Quando, naqueles anos em que a guerra na
Argélia estava no auge e começaram outros países africanos a lutar pela sua
independência, o susto foi grande nas colónias portuguesas, que a dada altura,
para disfarçar, passaram a chamar-se províncias
ultramarinas. As descolonizações iam-se fazendo, lá no norte de África, mas
a verdade é que a nossa prioridade como ocupantes mais antigos, que com tanto
esforço épico foram pioneiros na abertura dos caminhos do mundo, ajudou a
fortalecer, aparentemente, mais, os laços de coesão pátria, que não passava no
espírito de Salazar perder. O certo
é que nunca anteriormente as colónias portuguesas se desenvolveram tanto, como
naquela década de sessenta e inícios de setenta, que um golpe de Estado trairia. Lembro-me das conversas com o
meu colega Esteves Pinto, de medo e
esperança, nos corredores da nossa escola, e mesmo depois do 25 de Abril, eu
esperava ainda, a ponto de o ouvir contrariar as minhas ilusões primárias, como
teria larga ocasião de o confirmar depois: “A
senhora levou uma autêntica lavagem ao cérebro”.

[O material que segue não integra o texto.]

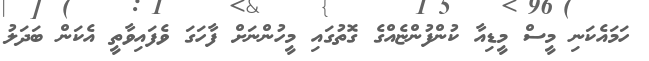
ހަމައެކަނި މީސް މީޑިއާ ކުންފުންޏެއްގެ ގޮތުގައި މީހުންނަށް ފާހަގަ ވެފައިވާތީ އެކަން ބަދަލު
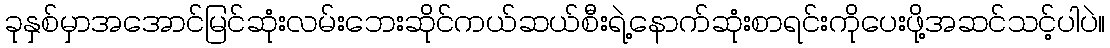
ခုနှစ်မှာအအောင်မြင်ဆုံးလမ်းဘေးဆိုင်ကယ်ဆယ်စီးရဲ့နောက်ဆုံးစာရင်းကိုပေးဖို့အဆင်သင့်ပါပဲ။
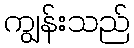
ကျွန်းသည်
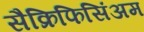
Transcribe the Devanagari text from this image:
सैक्रिफिसिंअम
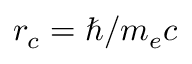
r _ { c } = \hbar / m _ { e } c
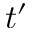
t ^ { \prime }
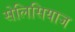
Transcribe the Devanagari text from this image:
सेलिसियाज
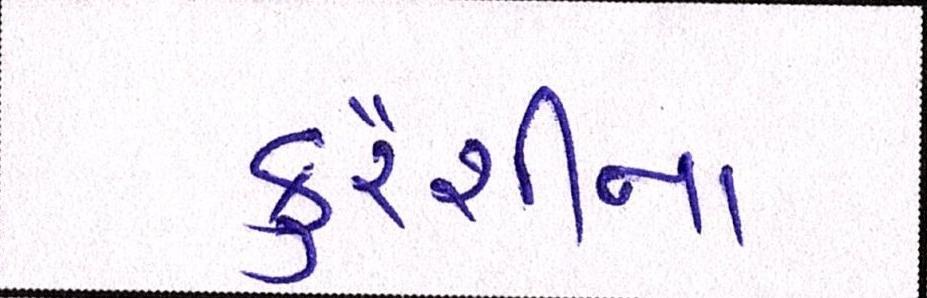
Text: કુરૈશીનો
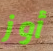
أوز
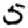
Digit: 5
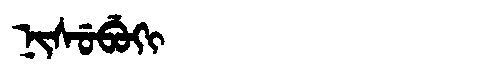
Manchu: ᠨᡳᠰᡠᠪᡠᡴᡳ
Romanization: NISUBUKI
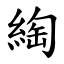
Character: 綯
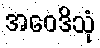
အဝေဒိသုံ
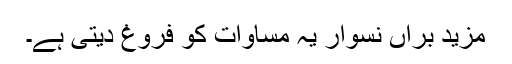
مزید براں نسوار یہ مساوات کو فروغ دیتی ہے۔
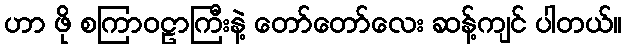
ဟာ ဖို စကြာဝဠာကြီးနဲ့ တော်တော်လေး ဆန့်ကျင် ပါတယ်။
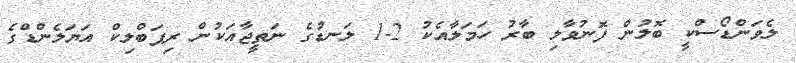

De facto, eu nada sabia de política
(continuo a nada saber), embrenhada nas funções docentes e domésticas, mas
lembro-me do calor que ganhei escrevendo curtos textos de humor, que publiquei em
74 com o nome de “Pedras de Sal”. Só ontem,
todavia, me apercebi das origens desses movimentos, graças ao artigo de Rui Ramos do Observador, sobre Mamadou Ba, citando Frantz Fanon que me fez ler o Prefácio
de Jean-Paul Sartre ao livro “Os
Danados da Terra” de Fanon,
na
Internet.
Sartre, cujas peças de teatro e algumas narrativas eu lia
com gosto, Sartre que
conhecia também através de Simone
de Beauvoir, que me traziam tantos dos prazeres de uma
intelectualidade solitária, nesse mundo que recordo com gratidão, por essa
rebeldia esclarecida que me chegava através da Minerva Central, onde tinha a minha conta mensal em livros do meu
prazer.
Sartre, de quem li
ontem o tal Prefácio a “Os Danados da Terra”,
mostrou-me essas origens dos tais movimentos
de libertação de África, e senti não a adoração de outrora, mas um certo
asco, pela crueldade implícita nesse seu incitamento à violência e desprezo
pelos seus próprios concidadãos, que tanta foi a violência desencadeada então.
Todavia, é poderosa a sua mensagem,
poderoso o seu estilo, a merecer admiração. Transcrevo apenas o início desse Prefácio. Talvez, se
o tivesse lido naquela altura, eu tivesse entrado com fervor em idênticos
princípios que contrariavam o meu apego à história dos nossos próprios heróis.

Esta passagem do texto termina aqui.